Don't use Windex on lens. Coatings if any, maybe weak. Lens cleaning solution would be much better.
In any case I don't think rescuing this camera is worthwhile. It would require cleaning the shutter. Good luck with it 100+ bucks coudb be spend better, like getting nice, working Nikon or Pentax slr.


----------



## vintagesnaps (Feb 15, 2016)

Not that particular camera but similar. I've got old cameras that the timer doesn't work, so I just don't use it on those cameras! I don't use timers much anyway.

I'd probably start with a soft cloth, a microfiber cloth, and see how much dust etc. you can clean off. Breathe on it so you don't scrape dirt further into the lens particularly. Or a soft brush meant for lenses - vintage ones I've gotten are super soft and super cheap! I got some cleaner from Freestyle photo that's for use with darkroom equipment, I might try that if dusting it isn't enough, or I use cleaner for lenses (spritz on the cloth not the camera).

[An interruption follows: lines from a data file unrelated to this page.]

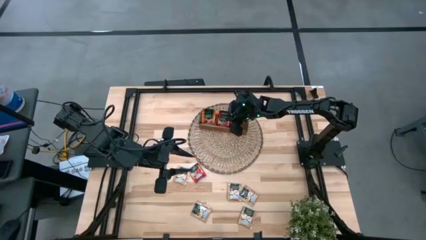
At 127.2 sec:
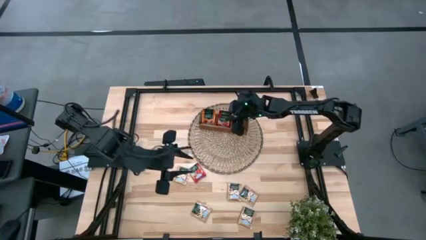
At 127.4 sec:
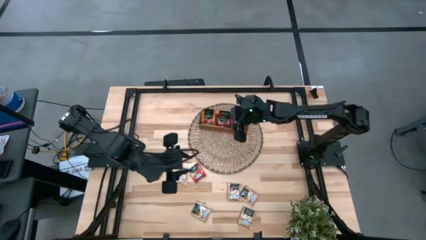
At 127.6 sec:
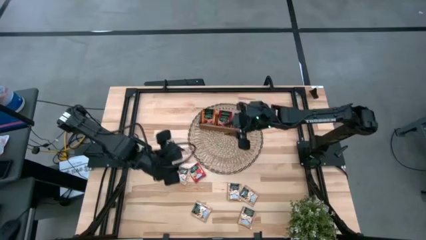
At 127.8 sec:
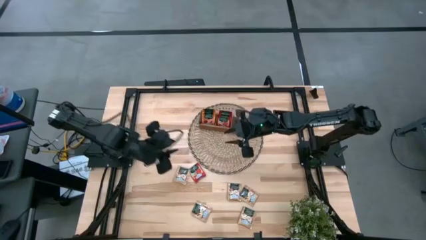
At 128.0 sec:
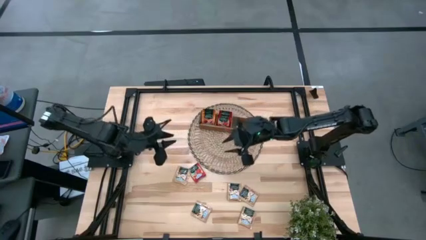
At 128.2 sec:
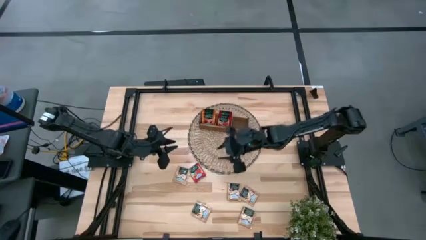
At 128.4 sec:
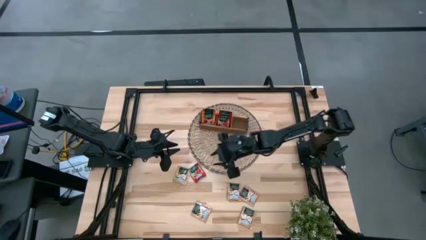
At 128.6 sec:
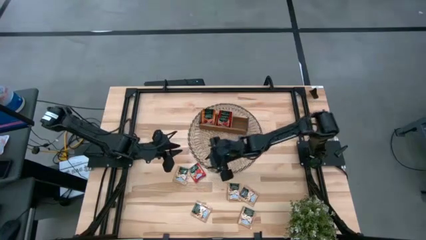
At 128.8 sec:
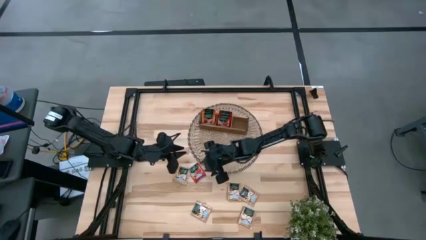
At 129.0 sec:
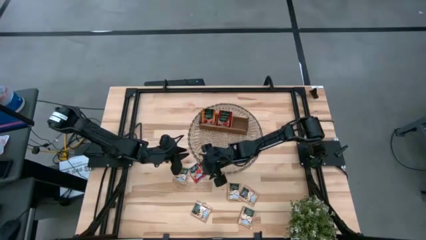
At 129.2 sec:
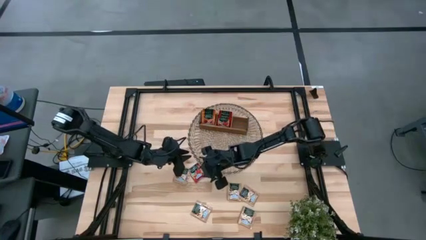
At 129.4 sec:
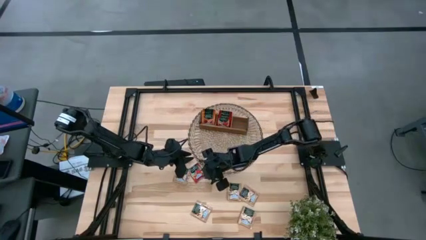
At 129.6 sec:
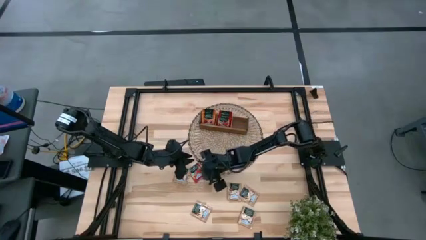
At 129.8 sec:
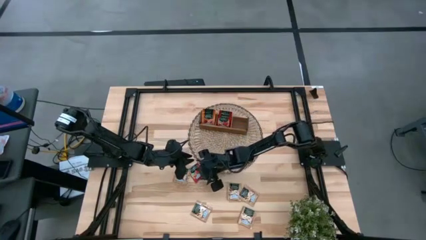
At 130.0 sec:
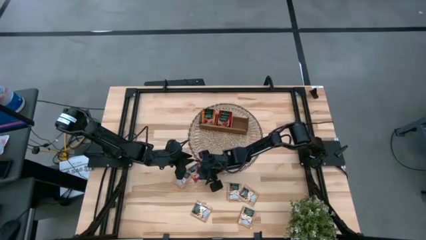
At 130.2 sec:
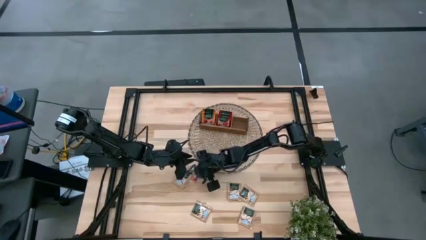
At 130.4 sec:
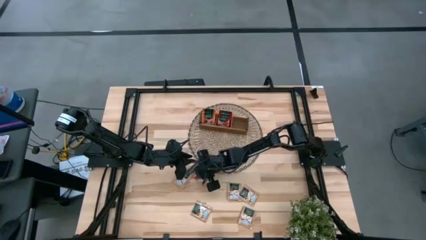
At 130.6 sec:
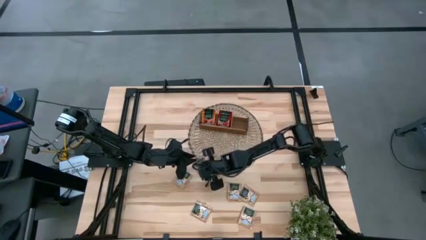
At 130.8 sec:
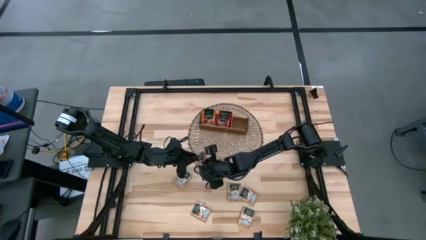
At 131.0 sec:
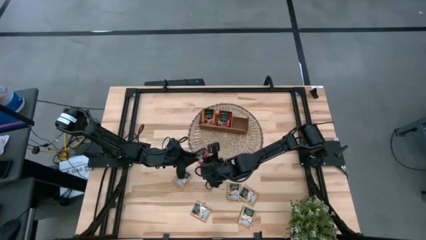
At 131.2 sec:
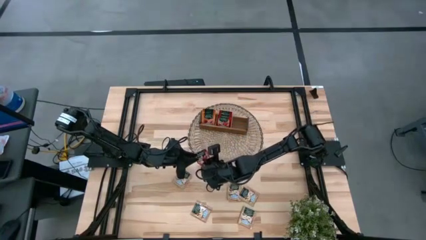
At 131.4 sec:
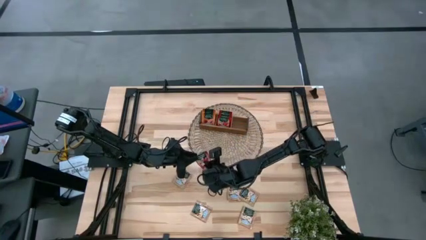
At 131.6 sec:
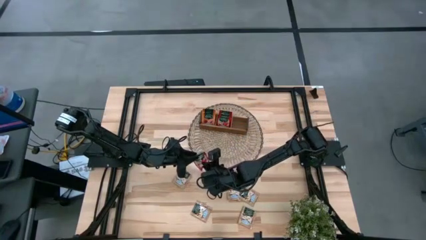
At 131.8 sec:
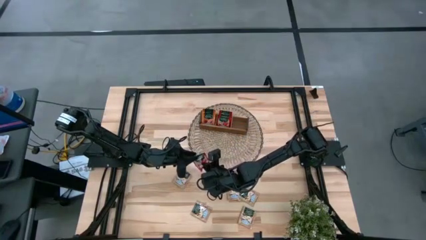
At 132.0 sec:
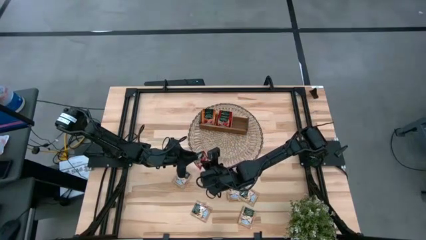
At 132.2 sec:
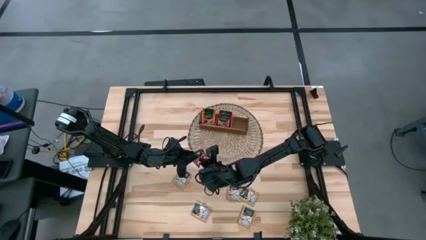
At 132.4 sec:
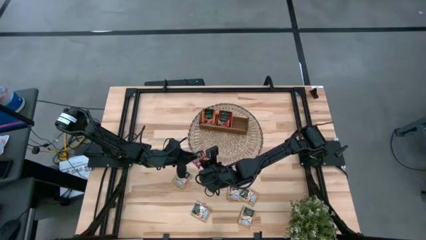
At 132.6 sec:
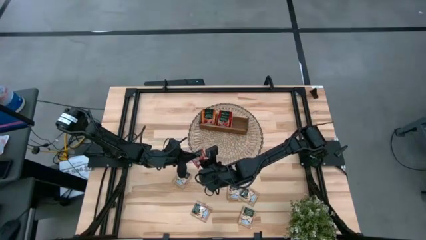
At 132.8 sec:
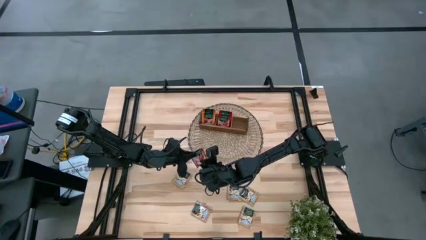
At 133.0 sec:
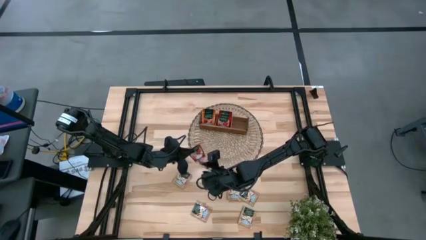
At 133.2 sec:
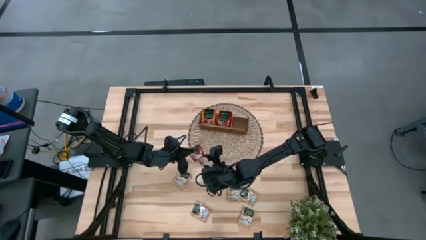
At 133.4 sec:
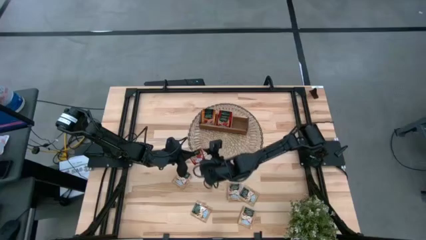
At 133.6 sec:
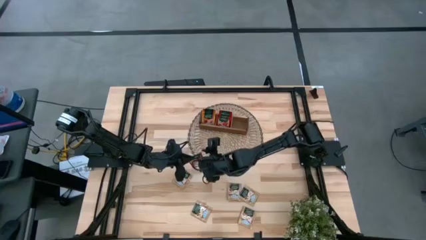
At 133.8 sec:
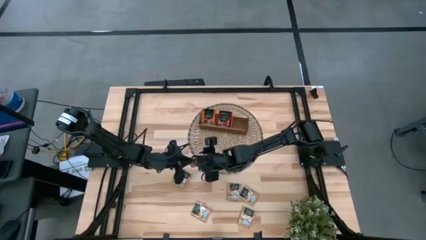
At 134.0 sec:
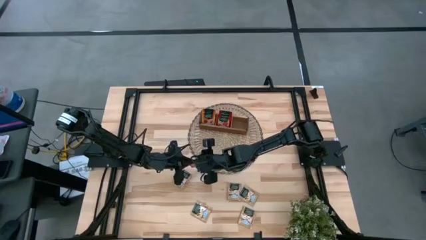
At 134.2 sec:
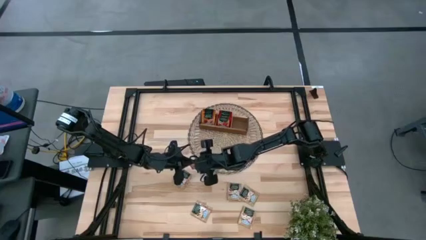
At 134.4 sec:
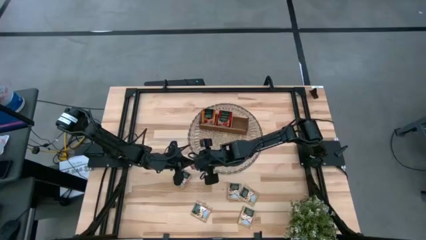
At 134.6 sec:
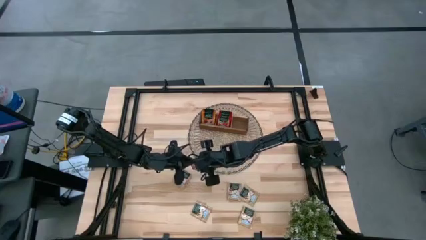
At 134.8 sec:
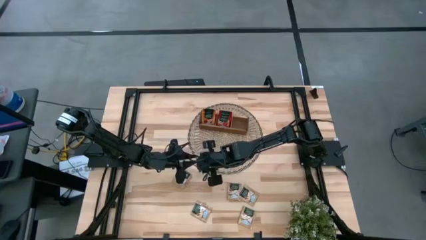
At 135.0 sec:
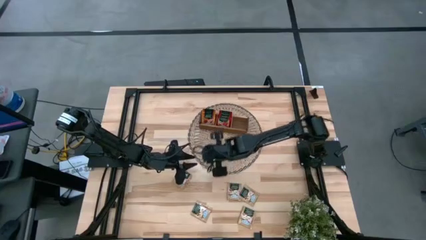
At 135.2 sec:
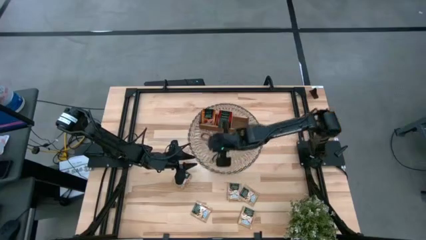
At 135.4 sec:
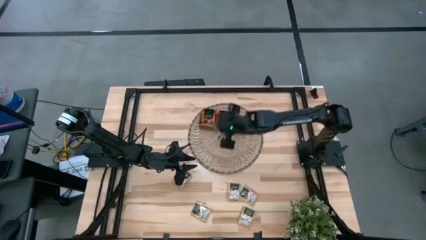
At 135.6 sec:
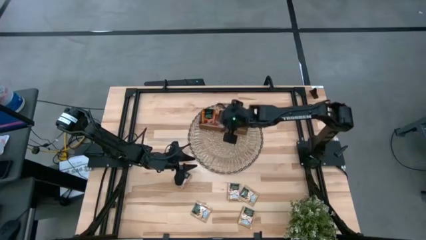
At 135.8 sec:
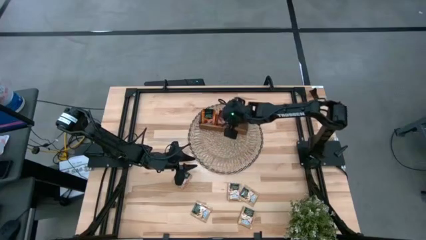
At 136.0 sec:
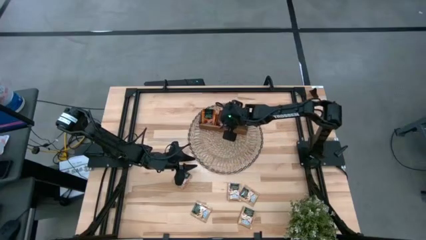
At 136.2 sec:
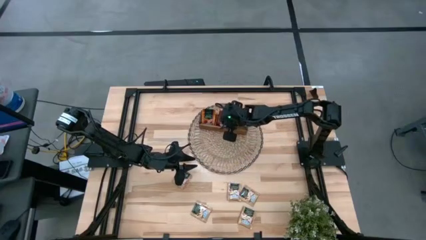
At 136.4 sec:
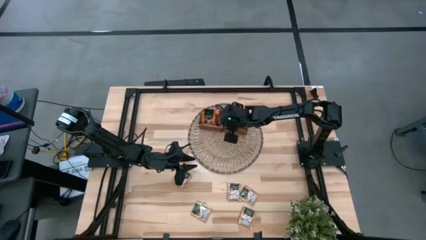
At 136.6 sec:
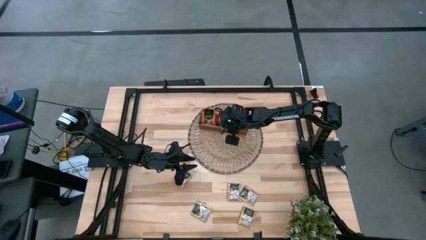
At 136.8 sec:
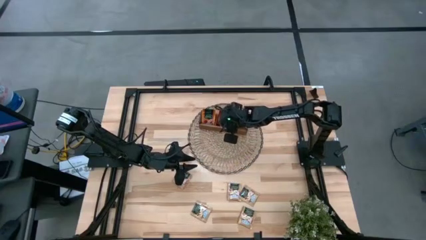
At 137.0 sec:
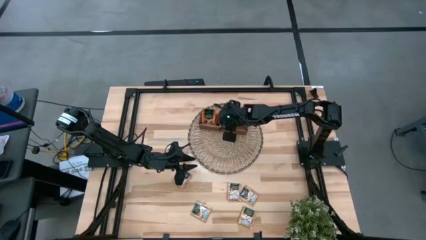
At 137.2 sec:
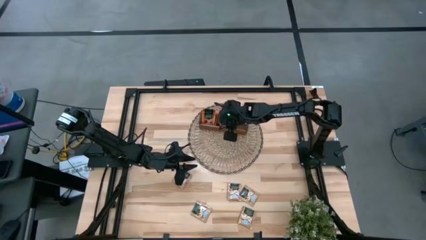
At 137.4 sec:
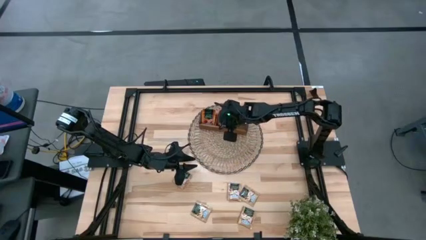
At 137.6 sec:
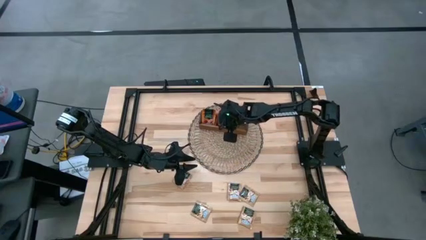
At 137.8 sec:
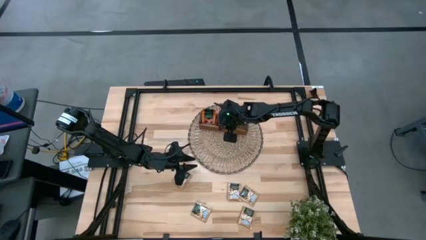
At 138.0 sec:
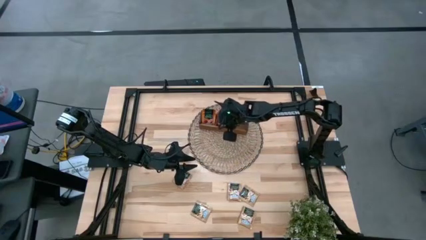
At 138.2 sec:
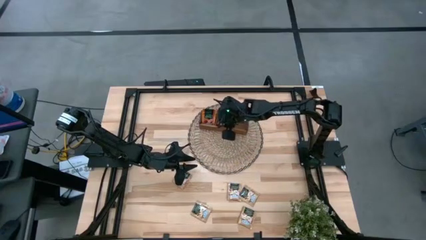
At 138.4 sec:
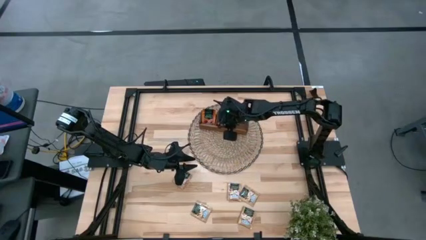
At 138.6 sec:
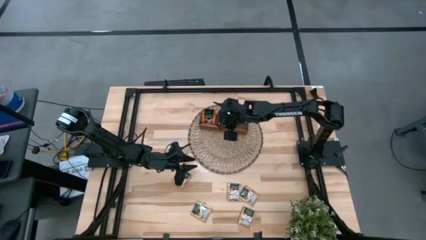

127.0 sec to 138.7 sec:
Task: Pick & Place Tea
Put the red tea bag into the middle section of the wooden organizer

I'd have to dig out my camera repair book but I don't think Windex is recommended for cameras. (edit - what timor said)

An Agfa f2.8 w/a prontor shutter may not be bad (can't read it to see if that's what it says). The view cameras don't usually have a lot of settings so you can't expect to necessarily get what you would with an SLR - but this one has a good range of aperture and shutter speed settings. Might need to get a roll of film and give it try. 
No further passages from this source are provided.